Try it: An exact copy is needed of the lines from the line holding "Faces by surface" through the final line of the listing below, both included.

※ ※ ※

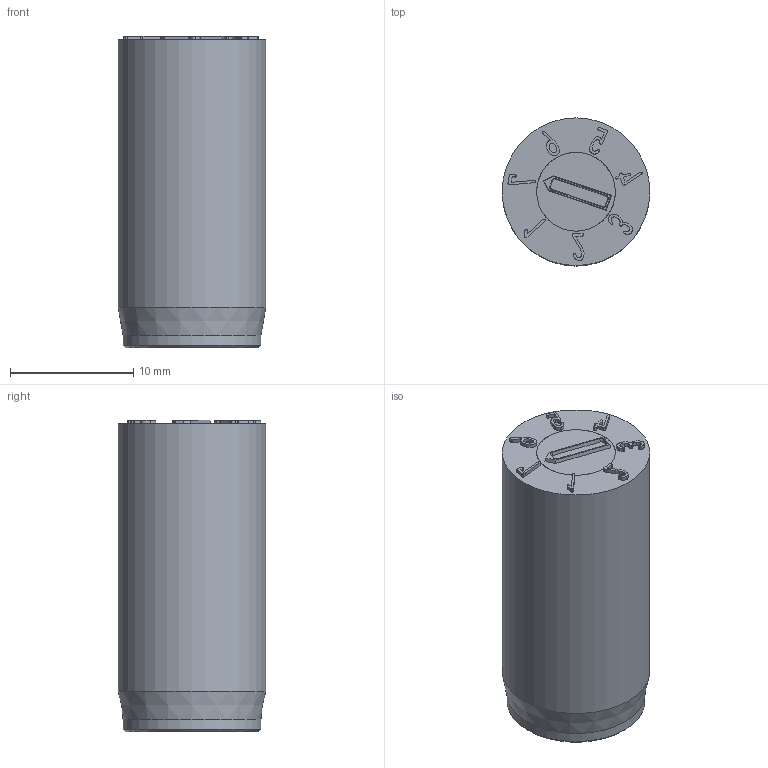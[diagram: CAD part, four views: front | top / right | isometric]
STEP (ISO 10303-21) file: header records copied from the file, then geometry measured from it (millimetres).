
FILE_DESCRIPTION(/* description */ (''),/* implementation_level */ '2;1');
FILE_NAME(/* name */ 'Dati-6000_WT$12$00.stp',/* time_stamp */ '2025-09-01T15:30:17+02:00',/* author */ ('olafg'),/* organization */ (''),/* preprocessor_version */ 'ST-DEVELOPER v20',/* originating_system */ 'Autodesk Inventor 2024',/* authorisation */ '');
FILE_SCHEMA (('AUTOMOTIVE_DESIGN { 1 0 10303 214 3 1 1 }'));
Length unit declared in the file: millimetre
Products named in the file (3): Zusammenbau 1012; 1012-01-00 Hülse; 2012-05-00 Stelleinsatz
Assembly tree (2 placements, depth 2):
  Zusammenbau 1012
    1012-01-00 Hülse
    2012-05-00 Stelleinsatz
Bounding box: 12 x 12 x 25.3 mm (x, y, z)
Volume: 2346.4 mm3; surface area: 1853.2 mm2
Topology: 2 solids, 2 shells, 180 faces, 488 edges, 324 vertices
Faces by surface type: bspline 97, plane 64, cone 11, cylinder 7, torus 1
Full cylindrical faces by diameter (mm): 3 x2, 6 x1, 6.4 x2, 11.2 x1, 12 x1
Entity records: 6252 total; most frequent: CARTESIAN_POINT 2242, ORIENTED_EDGE 976, DIRECTION 505, EDGE_CURVE 488, VERTEX_POINT 324, LINE 259, VECTOR 259, EDGE_LOOP 194

※ ※ ※

Result below:
Faces by surface type: bspline 97, plane 64, cone 11, cylinder 7, torus 1
Full cylindrical faces by diameter (mm): 3 x2, 6 x1, 6.4 x2, 11.2 x1, 12 x1
Entity records: 6252 total; most frequent: CARTESIAN_POINT 2242, ORIENTED_EDGE 976, DIRECTION 505, EDGE_CURVE 488, VERTEX_POINT 324, LINE 259, VECTOR 259, EDGE_LOOP 194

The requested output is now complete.